Barre selbst begab sich mit Teilen der Staatsarmee in das Gebiet seines Clans in Südsomalia. Auf ihrem Weg durch die Täler von Shabelle und Jubba richtete die Armee Plünderungen und Zerstörungen an und trug damit zur kriegsbedingten Hungersnot bei. Barre betrachtete sich weiterhin als legitimer Präsident Somalias.[7] Er versuchte eine Rückkehr nach Mogadischu und stieß zeitweise in die Stadt Baidoa in Südwestsomalia vor. Der USC verfolgte ihn jedoch, drang schließlich nach Südwestsomalia vor und verdrängte ihn endgültig aus Somalia nach Kenia.
Dort wurde er zunächst auf Staatskosten komfortabel beherbergt.
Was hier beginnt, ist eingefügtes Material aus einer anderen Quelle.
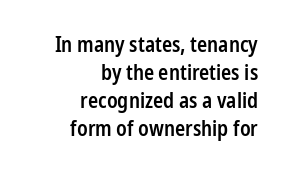
{"italic": "no", "bold": "semi", "underline": "no", "align": "right", "line_spacing": "normal", "line_spacing_ratio": 1.34, "letter_spacing": "normal", "letter_spacing_em": 0.0, "glyph_px": 21}
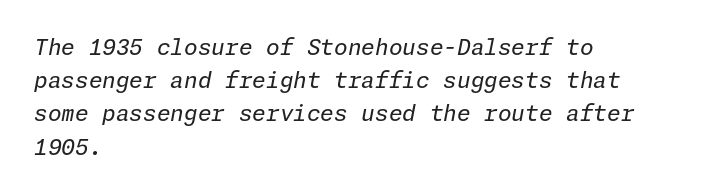
Does the copy run flush right? No — it runs flush left. Plain, unruled lines of type. These lines keep a tight, regular rhythm from letter to letter. The passage shown is not bold in any degree. Evenly set lines give the paragraph a standard silhouette. This sample uses an oblique cut, with every glyph tilted off the vertical.
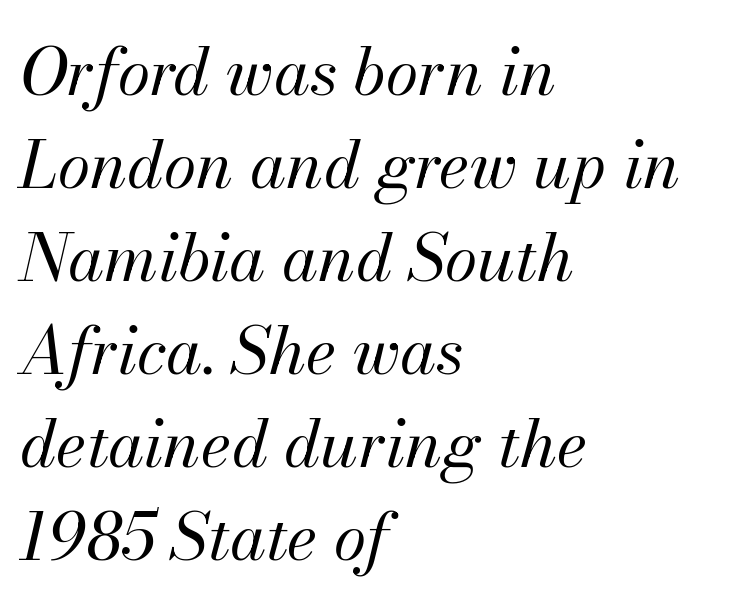
The horizontal fit of the characters is conventional and even. The font sits on the lighter half of the weight spectrum, regular included. In terms of posture, this sample is oblique. This sample has the flowing, uneven cadence of proportional lettering.
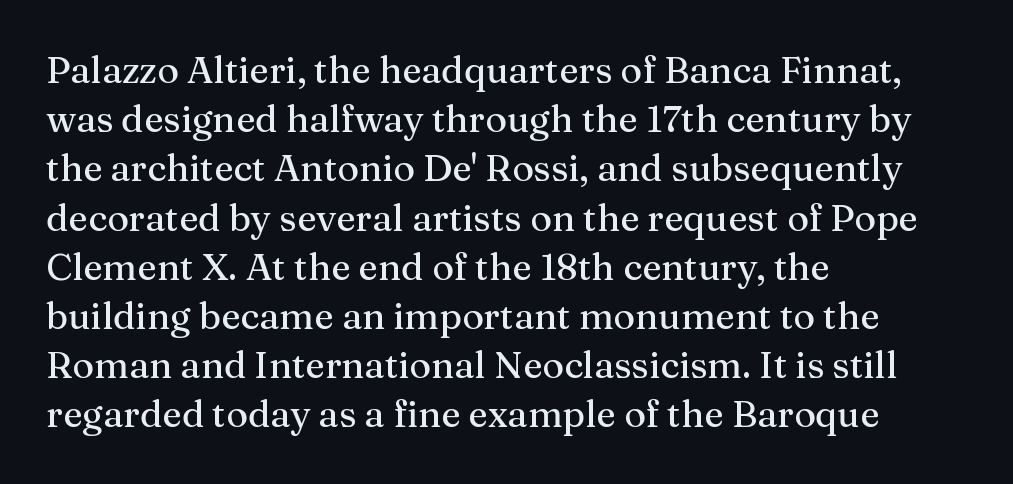
{"serif": "yes", "italic": "no", "width": "normal", "stroke_contrast": "medium", "x_height": "medium", "monospaced": "no", "underline": "no", "align": "left", "line_spacing": "normal", "line_spacing_ratio": 1.33, "letter_spacing": "normal", "letter_spacing_em": 0.0, "glyph_px": 37}
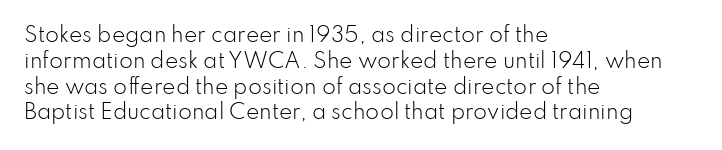
Interline gaps are of average width in this sample. Style check: upright. Tracking here is standard; glyphs follow each other at the usual distance. Stroke mass is kept to a normal reading level or below. Beneath every word, the page is bare. Leftover space on each line is placed entirely after the last word.

Kritik in den kenianischen Medien brachte Präsident Daniel arap Moi dazu, sich an Nigerias Präsidenten Ibrahim Babangida zu wenden, der sich bereit erklärte, ihn in Nigeria aufzunehmen. Barre und etliche Verbündete wurden daraufhin nach Nigeria ausgeflogen.[3] Am 2. Januar 1995 starb Barre in Lagos an einem Herzinfarkt.
Siad Barre wurde in Garbahaarrey begraben. Sein Schwiegersohn Mohamed Siad Hersi Morgan kämpfte als Kriegsherr im Bürgerkrieg im Raum Kismaayo, war aber auch mit einer Fraktion der Puntland-Separatisten verbündet.
Siad Barre war mit Khadija Maalin und Dalyad Haji Hashi verheiratet. Er war Diabetiker.[3] Im Mai 1986 wurde er bei einem Autounfall verletzt. Angesichts seiner schlechter werdenden Gesundheit und seiner schwindenden Macht wollte er anscheinend sicherstellen, dass die Macht bei seiner Familie verblieb. Es wird angenommen, dass er seinen Sohn Maslah Mohammed Siad Barre, einen Armeegeneral, als Nachfolger vorgesehen hatte.[8] Maslah kandidierte Anfang 2009 als Präsident der Übergangsregierung Somalias, verlor jedoch klar gegen Sharif Sheikh Ahmed.[9]